One of the core features of VMware vSphere is the Distributed Resource Scheduler (DRS). VMware DRS is vSphere’s workload load balancer and relies on VMware vMotion technology to live-migrate workloads from one ESX host to another.

You can constrain the VMware DRS decisions by defining DRS Rules. As of vSphere 4.1 there are 2 type of DRS rules:

  • VM-to-VM rules
  • VM-to-Host rules (new in vSphere 4.1)

VM-to-VM rules

Until vSphere 4.1 you could only create VM-to-VM rules. This type of rule specifies the affinity between virtual machines (VMs). You can define both affinity- and anti-affinity rules.

Affinity rules

Affinity rules keep workloads together on the same ESX host. This is beneficial if for instance an application server needs fast access to its database that resides on another VM. Keeping both VMs together on the same host boosts performance as network traffic between the VMs won’t leave the ESX host.
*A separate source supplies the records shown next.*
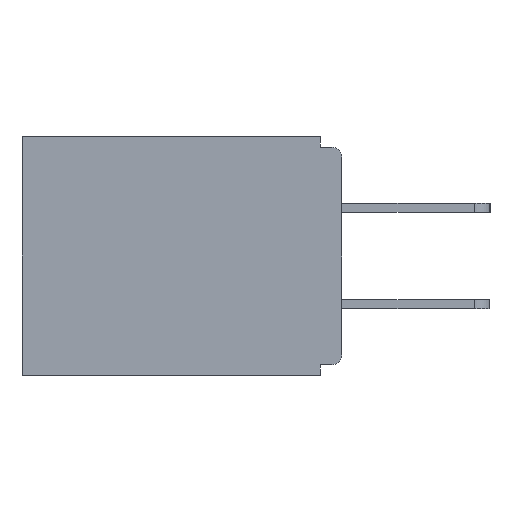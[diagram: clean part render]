
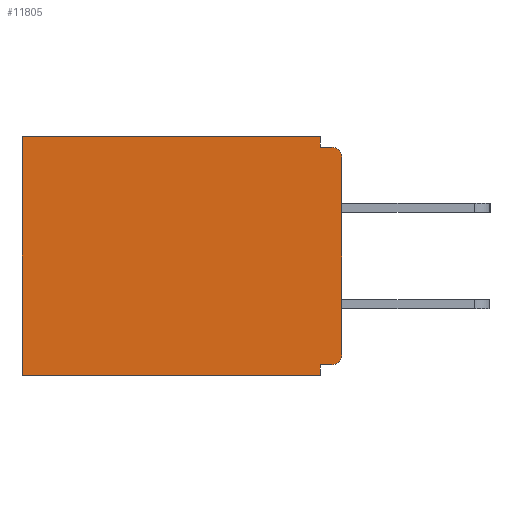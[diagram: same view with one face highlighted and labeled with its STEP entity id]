
A CAD part, left-side view. The second image highlights one B-rep face of the part: STEP entity #11805.
In plain terms, the highlighted planar face has unit normal (-1, 0, 0).
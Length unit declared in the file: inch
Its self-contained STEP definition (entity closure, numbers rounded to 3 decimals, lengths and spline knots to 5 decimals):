
#30 = DIRECTION ( 'NONE',  ( 1., 0., 0. ) ) ;
#216 = CARTESIAN_POINT ( 'NONE',  ( 0.298, 0.46, 0. ) ) ;
#237 = VERTEX_POINT ( 'NONE', #18949 ) ;
#353 = CARTESIAN_POINT ( 'NONE',  ( 0.298, 0., 0. ) ) ;
#402 = LINE ( 'NONE', #9684, #12314 ) ;
#647 = EDGE_CURVE ( 'NONE', #21414, #237, #1791, .T. ) ;
#1327 = DIRECTION ( 'NONE',  ( 0., 0., -1. ) ) ;
#1462 = EDGE_LOOP ( 'NONE', ( #16392, #15387, #7788, #3459, #14140, #4865, #17691, #19895, #7318, #13423 ) ) ;
#1791 = LINE ( 'NONE', #21416, #3960 ) ;
#1820 = VERTEX_POINT ( 'NONE', #216 ) ;
#1931 = DIRECTION ( 'NONE',  ( 0., 0., -1. ) ) ;
#2150 = EDGE_CURVE ( 'NONE', #19743, #21414, #14746, .T. ) ;
#2446 = EDGE_CURVE ( 'NONE', #17536, #3181, #402, .T. ) ;
#2566 = FACE_OUTER_BOUND ( 'NONE', #1462, .T. ) ;
#3181 = VERTEX_POINT ( 'NONE', #12448 ) ;
#3415 = EDGE_CURVE ( 'NONE', #8994, #6155, #5412, .T. ) ;
#3459 = ORIENTED_EDGE ( 'NONE', *, *, #20134, .T. ) ;
#3604 = CARTESIAN_POINT ( 'NONE',  ( 0.298, 0.46, 0. ) ) ;
#3960 = VECTOR ( 'NONE', #9798, 39.37008 ) ;
#4055 = DIRECTION ( 'NONE',  ( 0., -1., 0. ) ) ;
#4225 = VERTEX_POINT ( 'NONE', #5232 ) ;
#4294 = AXIS2_PLACEMENT_3D ( 'NONE', #13599, #30, #6996 ) ;
#4512 = LINE ( 'NONE', #10111, #5044 ) ;
#4865 = ORIENTED_EDGE ( 'NONE', *, *, #10152, .F. ) ;
#5044 = VECTOR ( 'NONE', #20368, 39.37008 ) ;
#5177 = DIRECTION ( 'NONE',  ( 0., 1., 0. ) ) ;
#5232 = CARTESIAN_POINT ( 'NONE',  ( 0.298, 0.015, -0.015 ) ) ;
#5412 = LINE ( 'NONE', #353, #7481 ) ;
#6155 = VERTEX_POINT ( 'NONE', #16838 ) ;
#6363 = DIRECTION ( 'NONE',  ( 0., 0., -1. ) ) ;
#6375 = CARTESIAN_POINT ( 'NONE',  ( 0.298, 0.015, -0.03 ) ) ;
#6516 = EDGE_CURVE ( 'NONE', #3181, #4225, #18394, .T. ) ;
#6701 = VERTEX_POINT ( 'NONE', #10349 ) ;
#6996 = DIRECTION ( 'NONE',  ( 0., 0., -1. ) ) ;
#7318 = ORIENTED_EDGE ( 'NONE', *, *, #7615, .T. ) ;
#7481 = VECTOR ( 'NONE', #1931, 39.37008 ) ;
#7615 = EDGE_CURVE ( 'NONE', #19743, #6155, #21824, .T. ) ;
#7788 = ORIENTED_EDGE ( 'NONE', *, *, #2446, .F. ) ;
#8994 = VERTEX_POINT ( 'NONE', #9565 ) ;
#9565 = CARTESIAN_POINT ( 'NONE',  ( 0.298, 0., -0.03 ) ) ;
#9684 = CARTESIAN_POINT ( 'NONE',  ( 0.298, 0.031, -0.343 ) ) ;
#9798 = DIRECTION ( 'NONE',  ( 0., 0., -1. ) ) ;
#10111 = CARTESIAN_POINT ( 'NONE',  ( 0.298, 0., -0.343 ) ) ;
#10152 = EDGE_CURVE ( 'NONE', #237, #6701, #4512, .T. ) ;
#10349 = CARTESIAN_POINT ( 'NONE',  ( 0.298, 0.46, -0.343 ) ) ;
#10397 = DIRECTION ( 'NONE',  ( 0., 0., -1. ) ) ;
#10524 = EDGE_CURVE ( 'NONE', #1820, #6701, #20699, .T. ) ;
#10730 = AXIS2_PLACEMENT_3D ( 'NONE', #16102, #20991, #17768 ) ;
#11618 = DIRECTION ( 'NONE',  ( 0., 1., 0. ) ) ;
#11805 = ADVANCED_FACE ( 'NONE', ( #2566 ), #17194, .F. ) ;
#12301 = VECTOR ( 'NONE', #5177, 39.37008 ) ;
#12314 = VECTOR ( 'NONE', #6363, 39.37008 ) ;
#12448 = CARTESIAN_POINT ( 'NONE',  ( 0.298, 0.031, -0.015 ) ) ;
#13423 = ORIENTED_EDGE ( 'NONE', *, *, #3415, .F. ) ;
#13599 = CARTESIAN_POINT ( 'NONE',  ( 0.298, 0., 0. ) ) ;
#13720 = CARTESIAN_POINT ( 'NONE',  ( 0.298, 0.031, -0.328 ) ) ;
#14013 = EDGE_CURVE ( 'NONE', #8994, #4225, #18399, .T. ) ;
#14140 = ORIENTED_EDGE ( 'NONE', *, *, #10524, .T. ) ;
#14184 = LINE ( 'NONE', #17042, #12301 ) ;
#14192 = CARTESIAN_POINT ( 'NONE',  ( 0.298, 0., -0.015 ) ) ;
#14220 = VECTOR ( 'NONE', #11618, 39.37008 ) ;
#14693 = CARTESIAN_POINT ( 'NONE',  ( 0.298, 0.031, 0. ) ) ;
#14746 = LINE ( 'NONE', #21835, #14220 ) ;
#15387 = ORIENTED_EDGE ( 'NONE', *, *, #6516, .F. ) ;
#16102 = CARTESIAN_POINT ( 'NONE',  ( 0.298, 0.015, -0.313 ) ) ;
#16195 = AXIS2_PLACEMENT_3D ( 'NONE', #6375, #18222, #1327 ) ;
#16392 = ORIENTED_EDGE ( 'NONE', *, *, #14013, .T. ) ;
#16838 = CARTESIAN_POINT ( 'NONE',  ( 0.298, 0., -0.313 ) ) ;
#16960 = VECTOR ( 'NONE', #10397, 39.37008 ) ;
#17042 = CARTESIAN_POINT ( 'NONE',  ( 0.298, 0., 0. ) ) ;
#17194 = PLANE ( 'NONE',  #4294 ) ;
#17536 = VERTEX_POINT ( 'NONE', #14693 ) ;
#17691 = ORIENTED_EDGE ( 'NONE', *, *, #647, .F. ) ;
#17768 = DIRECTION ( 'NONE',  ( 0., 0., -1. ) ) ;
#18222 = DIRECTION ( 'NONE',  ( -1., 0., 0. ) ) ;
#18394 = LINE ( 'NONE', #14192, #21639 ) ;
#18399 = CIRCLE ( 'NONE', #16195, 0.015 ) ;
#18517 = CARTESIAN_POINT ( 'NONE',  ( 0.298, 0.015, -0.328 ) ) ;
#18949 = CARTESIAN_POINT ( 'NONE',  ( 0.298, 0.031, -0.343 ) ) ;
#19743 = VERTEX_POINT ( 'NONE', #18517 ) ;
#19895 = ORIENTED_EDGE ( 'NONE', *, *, #2150, .F. ) ;
#20134 = EDGE_CURVE ( 'NONE', #17536, #1820, #14184, .T. ) ;
#20368 = DIRECTION ( 'NONE',  ( 0., 1., 0. ) ) ;
#20699 = LINE ( 'NONE', #3604, #16960 ) ;
#20991 = DIRECTION ( 'NONE',  ( -1., 0., 0. ) ) ;
#21414 = VERTEX_POINT ( 'NONE', #13720 ) ;
#21416 = CARTESIAN_POINT ( 'NONE',  ( 0.298, 0.031, -0.343 ) ) ;
#21639 = VECTOR ( 'NONE', #4055, 39.37008 ) ;
#21824 = CIRCLE ( 'NONE', #10730, 0.015 ) ;
#21835 = CARTESIAN_POINT ( 'NONE',  ( 0.298, 0., -0.328 ) ) ;

Note that if both servers are in different VLANs or subnets this benefit could be undone, as network traffic might need to be routed externally.

Anti-affinity rules

Anti-affinity rules separate workloads on different ESX hosts. This is beneficial if you have services running on multiple servers for redundancy, like domain controllers or Network Load Balancing (NLB) clusters. In these situations you want to make sure that the VMs are distributed over different ESX hosts. If one ESX host fails, the service would still be available through other VM(s) residing on other ESX hosts.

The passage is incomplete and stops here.